WHAT IS REQUIRED ▸
What you produce should match the records below precisely, except that images are removed.

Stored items
......

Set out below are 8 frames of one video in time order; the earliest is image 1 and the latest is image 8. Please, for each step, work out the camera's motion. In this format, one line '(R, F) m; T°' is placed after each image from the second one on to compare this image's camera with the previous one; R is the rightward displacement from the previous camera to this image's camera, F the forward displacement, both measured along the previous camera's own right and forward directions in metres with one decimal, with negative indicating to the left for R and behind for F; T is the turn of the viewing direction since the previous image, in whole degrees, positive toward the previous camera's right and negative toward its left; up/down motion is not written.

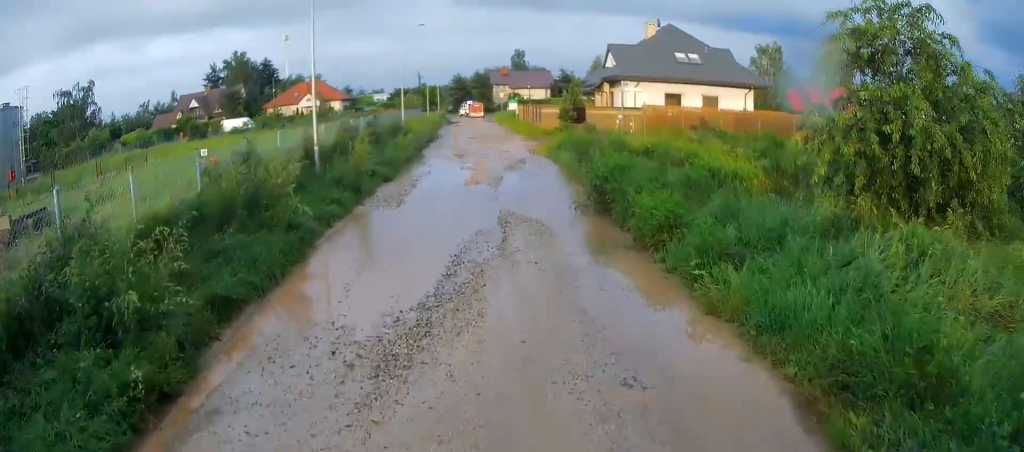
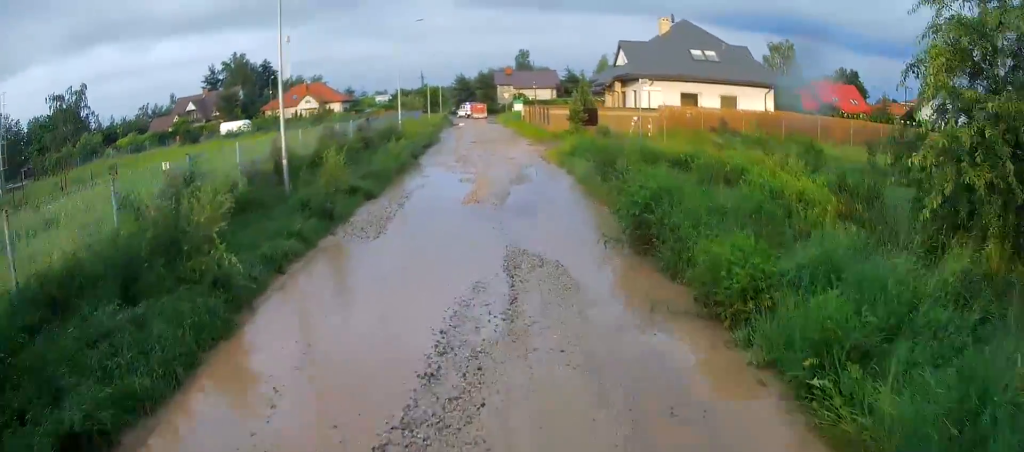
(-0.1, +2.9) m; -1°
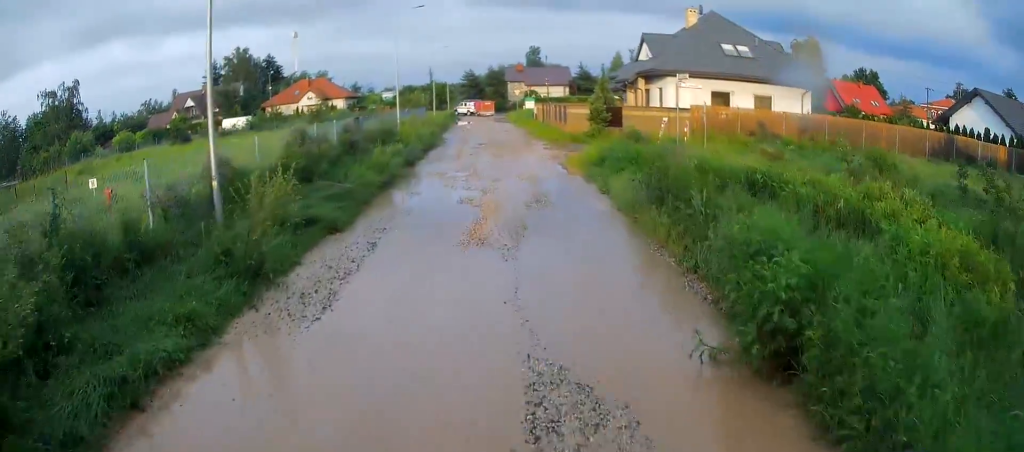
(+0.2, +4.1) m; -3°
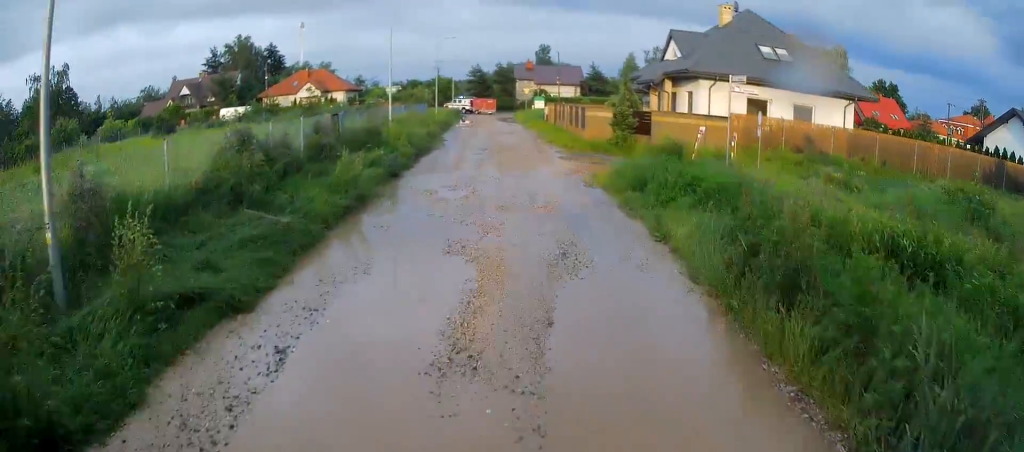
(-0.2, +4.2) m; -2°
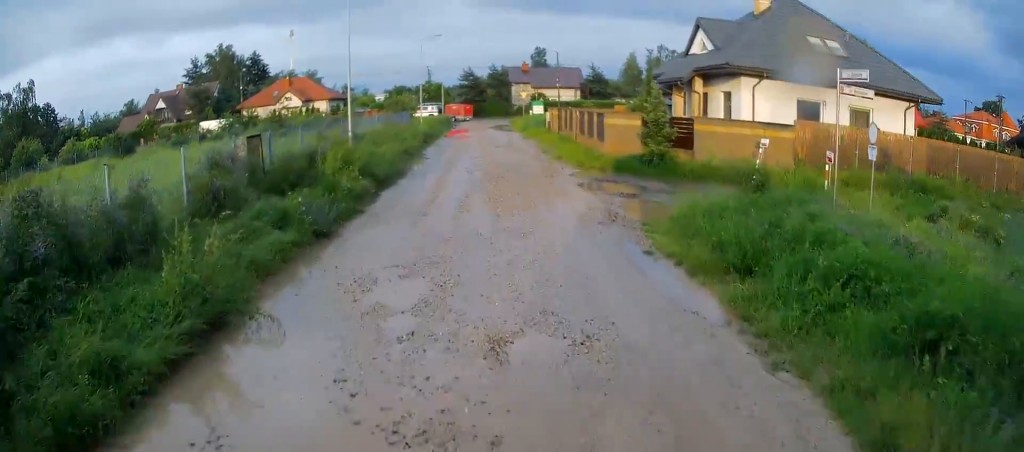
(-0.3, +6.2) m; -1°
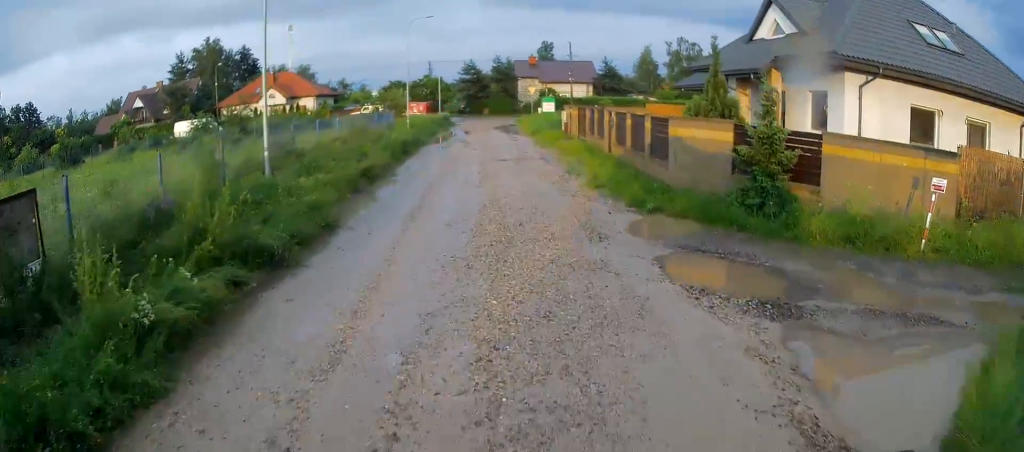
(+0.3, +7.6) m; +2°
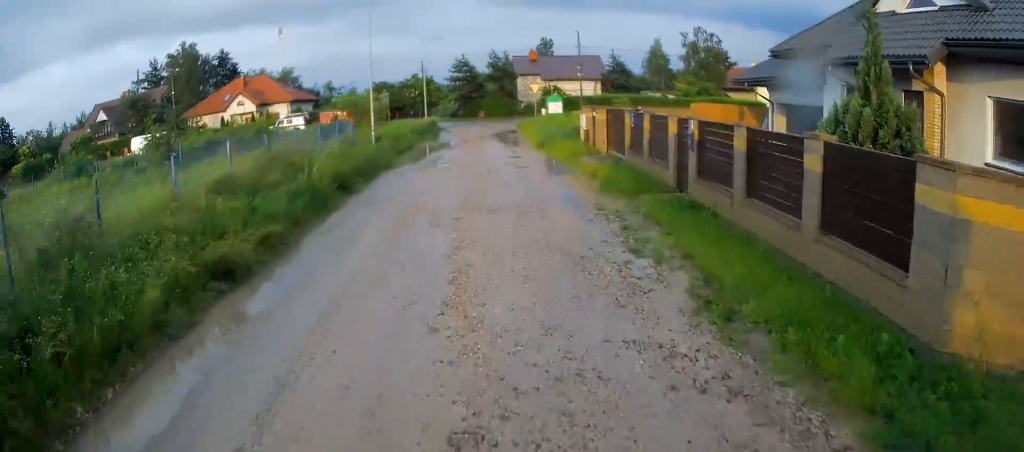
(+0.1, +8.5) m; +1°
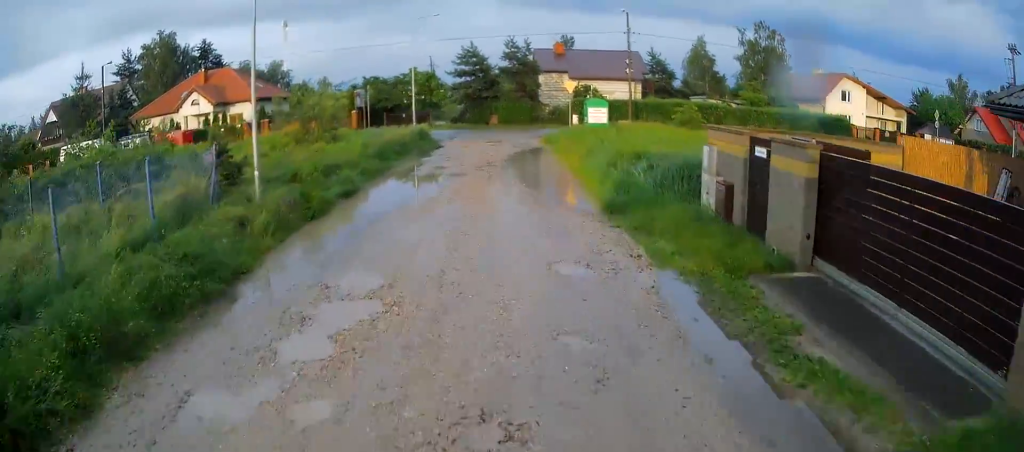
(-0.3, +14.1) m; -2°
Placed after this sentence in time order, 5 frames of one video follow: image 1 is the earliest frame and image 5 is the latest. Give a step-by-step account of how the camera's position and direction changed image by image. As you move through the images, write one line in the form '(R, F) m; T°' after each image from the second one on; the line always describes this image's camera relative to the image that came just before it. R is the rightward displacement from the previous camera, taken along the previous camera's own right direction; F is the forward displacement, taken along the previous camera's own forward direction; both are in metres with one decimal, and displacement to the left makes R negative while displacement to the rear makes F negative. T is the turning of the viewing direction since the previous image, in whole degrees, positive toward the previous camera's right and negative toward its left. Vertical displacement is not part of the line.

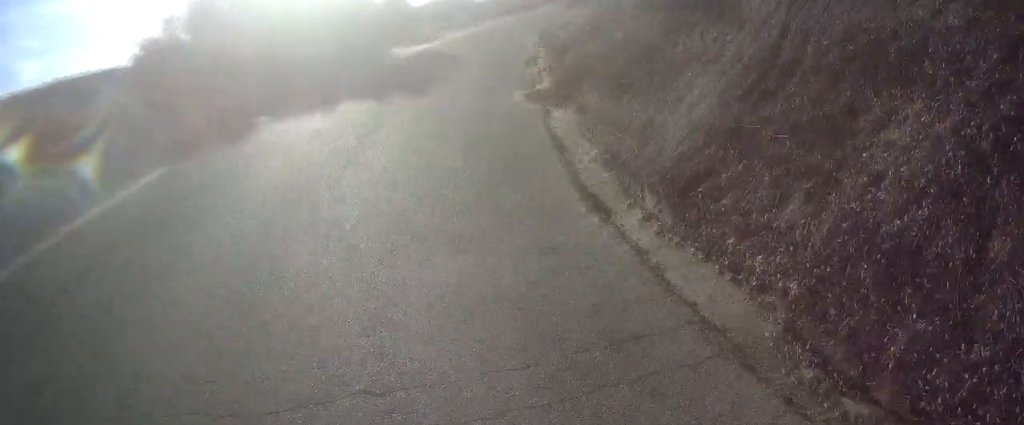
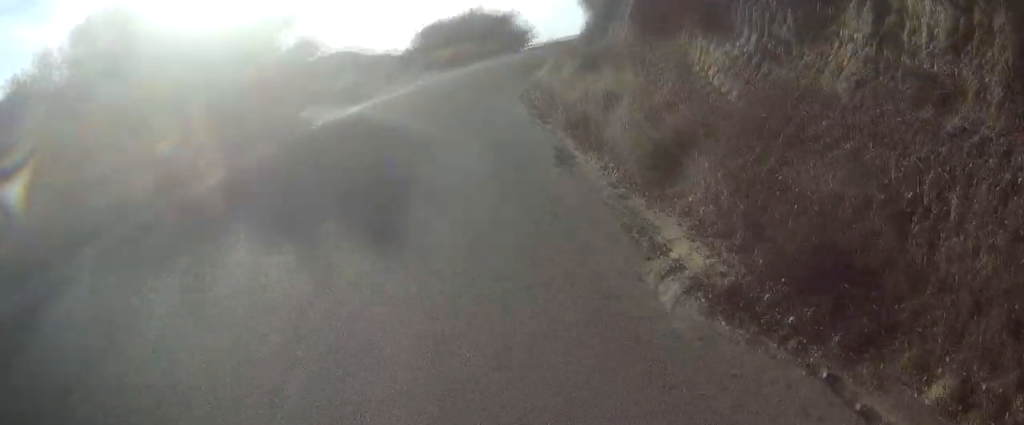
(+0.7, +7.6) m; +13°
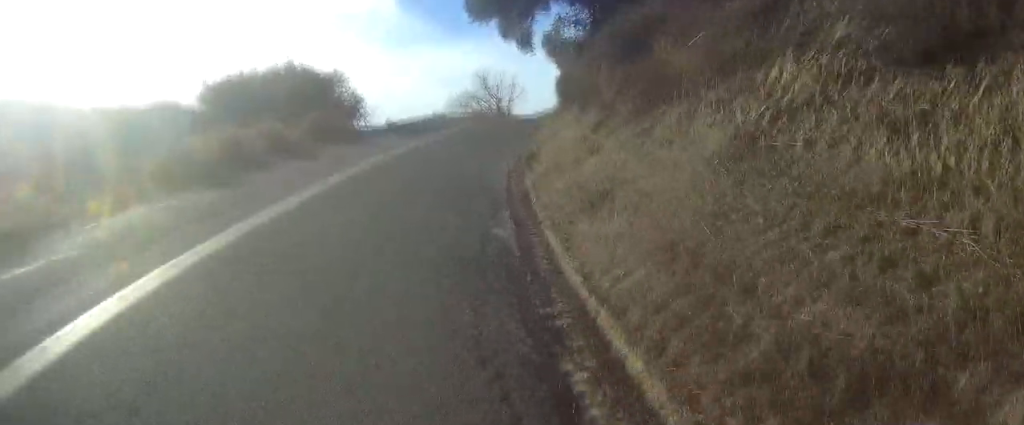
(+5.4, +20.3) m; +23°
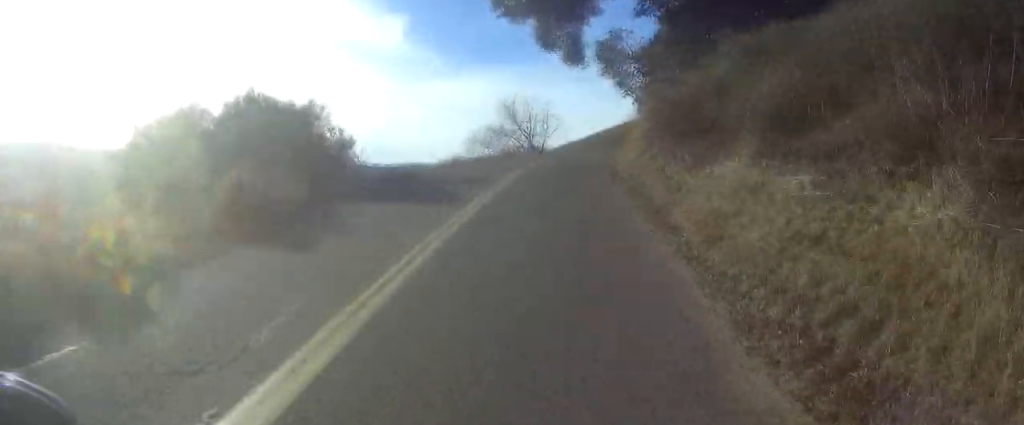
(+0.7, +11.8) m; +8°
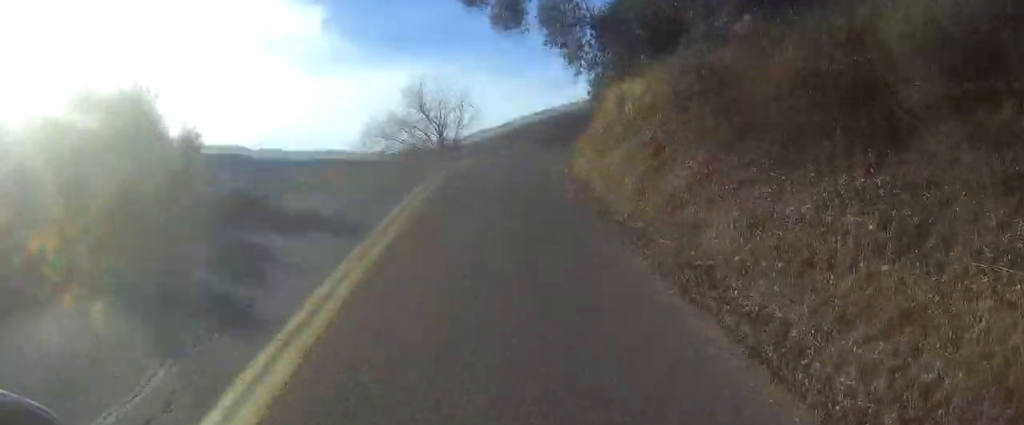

......

RESPONSE BELOW ▸
Set out below are 8 frames of one video in time order; the earliest is image 1 and the latest is image 8. Please, for each step, work out the camera's motion. In this format, one line '(R, F) m; T°' is placed after each image from the second one on to compare this image's camera with the previous one; R is the rightward displacement from the previous camera to this image's camera, F the forward displacement, both measured along the previous camera's own right and forward directions in metres with one decimal, with negative indicating to the left for R and behind for F; T is the turn of the viewing direction since the previous image, in whole degrees, positive toward the previous camera's right and negative toward its left; up/down motion is not written.

(-0.1, +2.9) m; -1°
(+0.2, +4.1) m; -3°
(-0.2, +4.2) m; -2°
(-0.3, +6.2) m; -1°
(+0.3, +7.6) m; +2°
(+0.1, +8.5) m; +1°
(-0.3, +14.1) m; -2°
Placed after this sentence in time order, 5 frames of one video follow: image 1 is the earliest frame and image 5 is the latest. Give a step-by-step account of how the camera's position and direction changed image by image. As you move through the images, write one line in the form '(R, F) m; T°' after each image from the second one on; the line always describes this image's camera relative to the image that came just before it. R is the rightward displacement from the previous camera, taken along the previous camera's own right direction; F is the forward displacement, taken along the previous camera's own forward direction; both are in metres with one decimal, and displacement to the left makes R negative while displacement to the rear makes F negative. T is the turning of the viewing direction since the previous image, in whole degrees, positive toward the previous camera's right and negative toward its left. Vertical displacement is not part of the line.

(+0.7, +7.6) m; +13°
(+5.4, +20.3) m; +23°
(+0.7, +11.8) m; +8°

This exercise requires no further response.